Description
You will design and implement large-scale data automation frameworks and data platform architectures.
Responsibilities
- Define and design large-scale data automation frameworks.
- Implement data quality engineering principles including profiling, validation, cleansing, and anomaly detection.
- Lead and mentor technical teams to foster technical excellence.
- Integrate quality gates into CI/CD pipelines using DevOps practices.
- Articulate complex technical concepts to senior leadership and non-technical stakeholders.
Required Skills
- 15+ years of progressive experience in software engineering.

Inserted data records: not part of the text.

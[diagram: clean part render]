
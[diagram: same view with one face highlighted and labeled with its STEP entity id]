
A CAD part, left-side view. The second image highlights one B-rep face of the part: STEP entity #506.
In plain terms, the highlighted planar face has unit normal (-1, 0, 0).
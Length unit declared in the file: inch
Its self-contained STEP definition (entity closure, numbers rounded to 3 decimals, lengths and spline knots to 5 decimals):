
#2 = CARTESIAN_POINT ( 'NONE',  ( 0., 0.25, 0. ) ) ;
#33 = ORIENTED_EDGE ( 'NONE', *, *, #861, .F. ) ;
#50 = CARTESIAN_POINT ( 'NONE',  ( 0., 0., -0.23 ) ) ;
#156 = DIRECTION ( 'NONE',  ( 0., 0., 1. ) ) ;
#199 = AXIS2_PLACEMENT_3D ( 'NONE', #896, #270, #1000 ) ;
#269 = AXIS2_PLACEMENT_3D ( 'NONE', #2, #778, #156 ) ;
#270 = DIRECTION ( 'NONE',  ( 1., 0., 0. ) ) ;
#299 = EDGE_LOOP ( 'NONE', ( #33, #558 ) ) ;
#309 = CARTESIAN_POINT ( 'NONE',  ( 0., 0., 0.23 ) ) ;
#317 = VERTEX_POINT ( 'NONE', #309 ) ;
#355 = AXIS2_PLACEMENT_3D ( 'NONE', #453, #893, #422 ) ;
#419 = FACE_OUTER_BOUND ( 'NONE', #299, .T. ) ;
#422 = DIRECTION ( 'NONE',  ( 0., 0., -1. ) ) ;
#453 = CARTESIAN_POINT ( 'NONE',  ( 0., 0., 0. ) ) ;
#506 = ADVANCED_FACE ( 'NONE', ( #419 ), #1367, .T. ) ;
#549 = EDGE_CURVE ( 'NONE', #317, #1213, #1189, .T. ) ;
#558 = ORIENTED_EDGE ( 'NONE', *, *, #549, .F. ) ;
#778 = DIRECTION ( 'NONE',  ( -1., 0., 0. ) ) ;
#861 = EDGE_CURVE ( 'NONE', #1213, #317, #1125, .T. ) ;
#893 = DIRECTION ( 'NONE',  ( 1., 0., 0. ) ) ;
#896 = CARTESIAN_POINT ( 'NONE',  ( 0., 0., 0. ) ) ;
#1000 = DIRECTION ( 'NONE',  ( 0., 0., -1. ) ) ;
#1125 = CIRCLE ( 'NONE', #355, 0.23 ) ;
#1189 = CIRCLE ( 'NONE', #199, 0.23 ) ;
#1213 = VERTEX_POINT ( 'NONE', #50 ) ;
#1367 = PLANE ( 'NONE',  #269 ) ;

- 5+ years in a Technical Architect, Lead Data Architect, or Principal Data Engineer role.
- Expert-level proficiency in Apache Spark including PySpark, Scala, or Java.

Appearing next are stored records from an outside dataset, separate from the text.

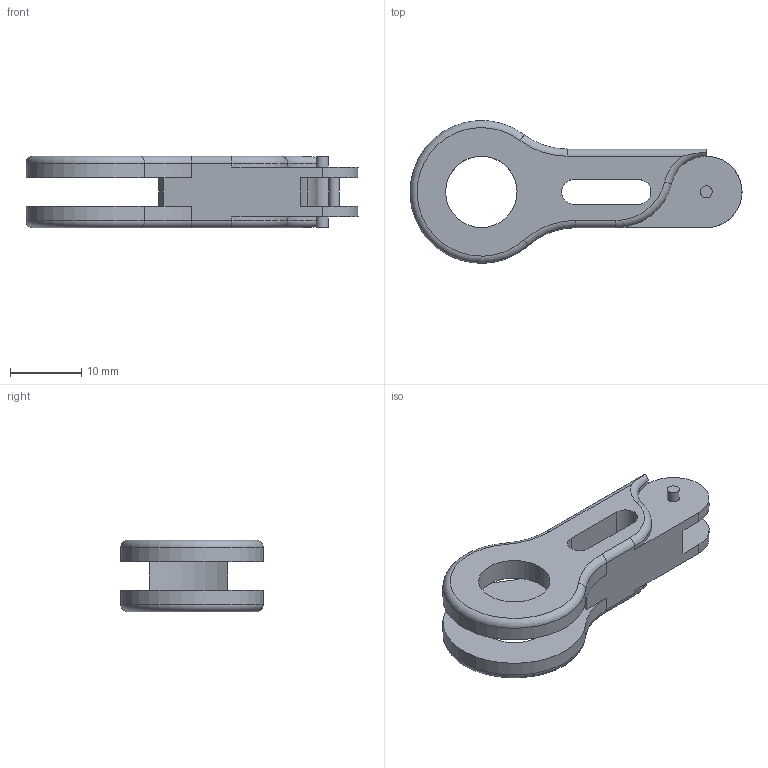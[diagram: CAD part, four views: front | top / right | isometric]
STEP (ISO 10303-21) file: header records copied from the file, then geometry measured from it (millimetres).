
FILE_DESCRIPTION(/* description */ (''),/* implementation_level */ '2;1');
FILE_NAME(/* name */ 'ringproximalphalanx v5.stp',/* time_stamp */ '2022-06-18T23:01:29+02:00',/* author */ (''),/* organization */ (''),/* preprocessor_version */ 'ST-DEVELOPER v19',/* originating_system */ 'Autodesk Translation Framework v11.7.0.108',/* authorisation */ '');
FILE_SCHEMA (('AUTOMOTIVE_DESIGN { 1 0 10303 214 3 1 1 }'));
Length unit declared in the file: millimetre
Products named in the file (1): ring_proximal_phalanx
Bounding box: 46.49 x 19.98 x 10 mm (x, y, z)
Volume: 3302.3 mm3; surface area: 2890.4 mm2
Topology: 1 solids, 1 shells, 50 faces, 124 edges, 78 vertices
Faces by surface type: cylinder 23, plane 15, torus 10, bspline 2
Full cylindrical faces by diameter (mm): 1.5 x1, 1.7 x2, 10 x2
Entity records: 1660 total; most frequent: CARTESIAN_POINT 382, DIRECTION 281, ORIENTED_EDGE 248, EDGE_CURVE 124, AXIS2_PLACEMENT_3D 115, VERTEX_POINT 78, CIRCLE 66, EDGE_LOOP 60
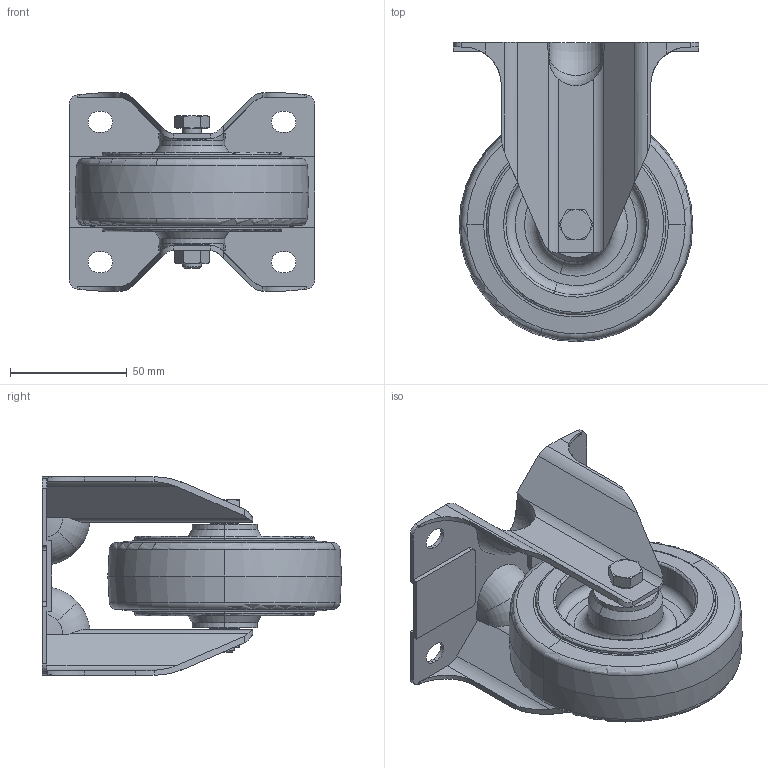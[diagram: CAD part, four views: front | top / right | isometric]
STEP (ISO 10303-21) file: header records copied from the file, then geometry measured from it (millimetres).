
FILE_DESCRIPTION (( 'STEP AP214' ), '1' );
FILE_NAME ('F003516_3D.step', '2022-11-21T18:18:58', ( '' ), ( '' ), 'SwSTEP 2.0', 'SolidWorks 2020', '' );
FILE_SCHEMA (( 'AUTOMOTIVE_DESIGN' ));
Length unit declared in the file: millimetre
Products named in the file (1): F003516_3D
Bounding box: 105 x 128 x 85 mm (x, y, z)
Volume: 240450 mm3; surface area: 76453.7 mm2
Topology: 3 solids, 3 shells, 261 faces, 698 edges, 456 vertices
Faces by surface type: plane 107, cylinder 90, cone 34, torus 30
Entity records: 12293 total; most frequent: CARTESIAN_POINT 2882, ORIENTED_EDGE 1388, DIRECTION 1326, EDGE_CURVE 694, AXIS2_PLACEMENT_3D 502, VERTEX_POINT 456, VECTOR 322, LINE 322
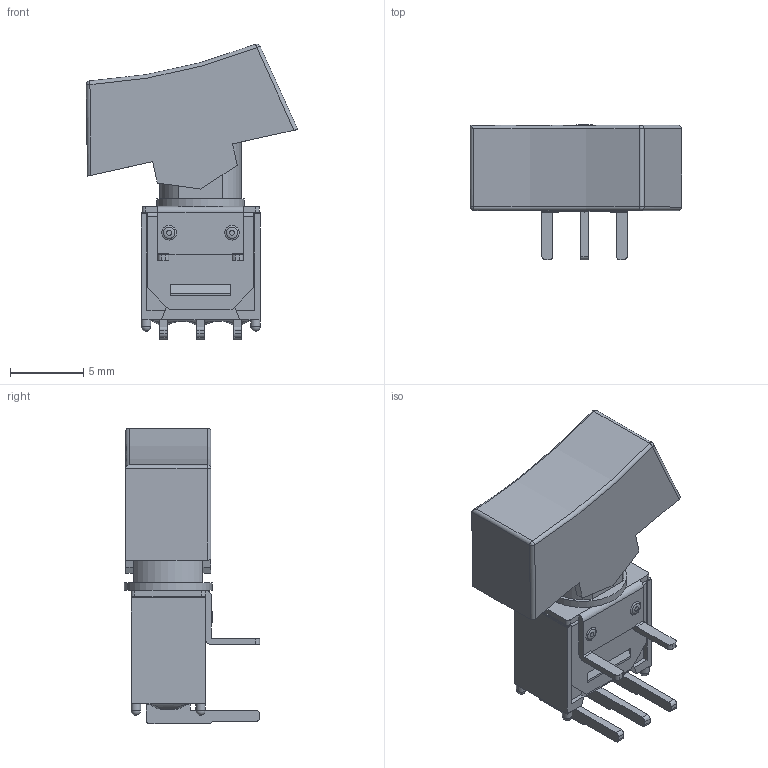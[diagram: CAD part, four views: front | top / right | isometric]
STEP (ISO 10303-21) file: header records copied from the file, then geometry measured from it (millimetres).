
FILE_DESCRIPTION((''),'2;1');
FILE_NAME('400MSPxR6xxxM6xE.stp','2011-02-22T09:08:54',('blarson'),(''),'Autodesk Inventor 11','Autodesk Inventor 11','');
FILE_SCHEMA(('AUTOMOTIVE_DESIGN { 1 0 10303 214 1 1 1 1 }'));
Length unit declared in the file: millimetre
Products named in the file (7): 400MSP1R6REDM6RE; 200-400-800 MSP BODY; 200-400-800 MSP BRACKET; 200-400-800 MSP M6; 400 ACTUATOR BASE; 400 R2; 200-400-800 MSPM6 SUPPORT
Assembly tree (6 placements, depth 2):
  400MSP1R6REDM6RE
    200-400-800 MSP BODY
    200-400-800 MSP BRACKET
    200-400-800 MSP M6
    400 ACTUATOR BASE
    400 R2
    200-400-800 MSPM6 SUPPORT
Bounding box: 14.45 x 9.25 x 20.23 mm (x, y, z)
Volume: 442 mm3; surface area: 1738.5 mm2
Topology: 6 solids, 6 shells, 211 faces, 569 edges, 368 vertices
Faces by surface type: plane 140, cylinder 50, bspline 10, sphere 7, torus 2, cone 2
Full cylindrical faces by diameter (mm): 0.65 x4, 3.25 x1, 6 x1
Entity records: 9397 total; most frequent: CARTESIAN_POINT 4027, ORIENTED_EDGE 1088, DIRECTION 1057, EDGE_CURVE 544, VECTOR 389, LINE 389, VERTEX_POINT 360, AXIS2_PLACEMENT_3D 334

- Deep understanding of Spark SQL, DataFrames, and Datasets.
- Hands-on experience with distributed storage including Hadoop, HDFS, S3, Delta Lake, or Apache Iceberg.

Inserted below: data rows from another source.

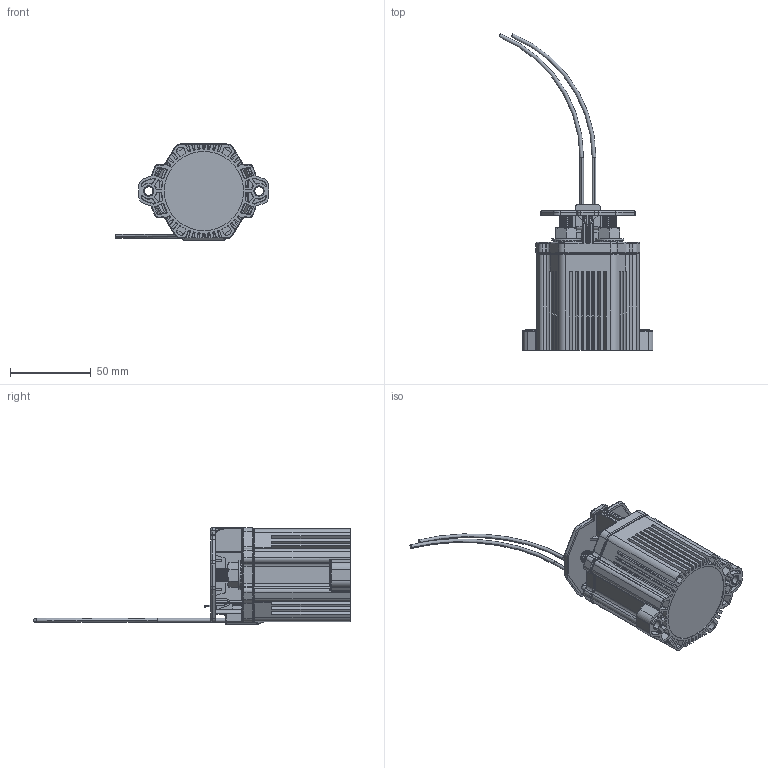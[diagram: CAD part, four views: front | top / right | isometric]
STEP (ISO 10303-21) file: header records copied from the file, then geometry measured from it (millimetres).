
FILE_DESCRIPTION (( 'STEP AP214' ), '1' );
FILE_NAME ('HX22_step_122115.STEP', '2015-12-21T18:43:56', ( 'Temp' ), ( '' ), 'SwSTEP 2.0', 'SolidWorks 2014', '' );
FILE_SCHEMA (( 'AUTOMOTIVE_DESIGN' ));
Length unit declared in the file: inch
Products named in the file (1): HX22_step_122115
Bounding box: 95.23 x 196.13 x 59.82 mm (x, y, z)
Volume: 70564 mm3; surface area: 84006.8 mm2
Topology: 13 solids, 13 shells, 2644 faces, 6970 edges, 4343 vertices
Faces by surface type: plane 1075, cylinder 995, torus 338, bspline 117, sphere 74, cone 45
Entity records: 126141 total; most frequent: CARTESIAN_POINT 27778, ORIENTED_EDGE 13780, DIRECTION 13167, EDGE_CURVE 6890, AXIS2_PLACEMENT_3D 4692, VERTEX_POINT 4343, LINE 3783, VECTOR 3783
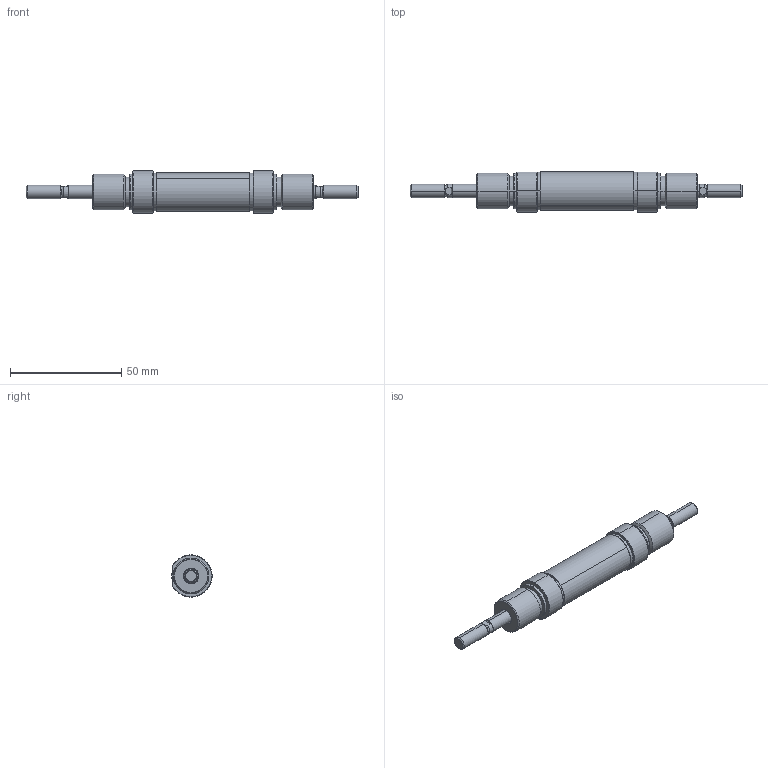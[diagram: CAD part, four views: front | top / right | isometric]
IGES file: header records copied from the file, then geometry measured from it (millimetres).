
Start section: SolidWorks IGES file using analytic representation for surfaces
Global section: file name: PMD  16-10  CYLINDER.IGS; native system: SolidWorks 2010; preprocessor: SolidWorks 2010; author: HASAN; date: 100805.111203; units: millimetre
Bounding box: 149 x 18.13 x 19 mm (x, y, z)
Surface area: 14381.3 mm2 (no closed solid volume)
Topology: 0 solids, 0 shells, 134 faces, 2074 edges, 2072 vertices
Faces by surface type: revolution 98, bspline 36

- Experience with streaming technologies such as Apache Kafka or AWS Kinesis.
- Extensive experience with cloud data platforms on AWS, Azure, or GCP.
- Expert-level Python for data engineering and automation.
- Expert-level Advanced SQL for complex data analysis and optimization.
- Bachelor’s or master’s degree in computer science, Engineering, or a related quantitative field.
Preferred Skills
- Experience with GCP tools including Dataproc, BigQuery, and Cloud Storage.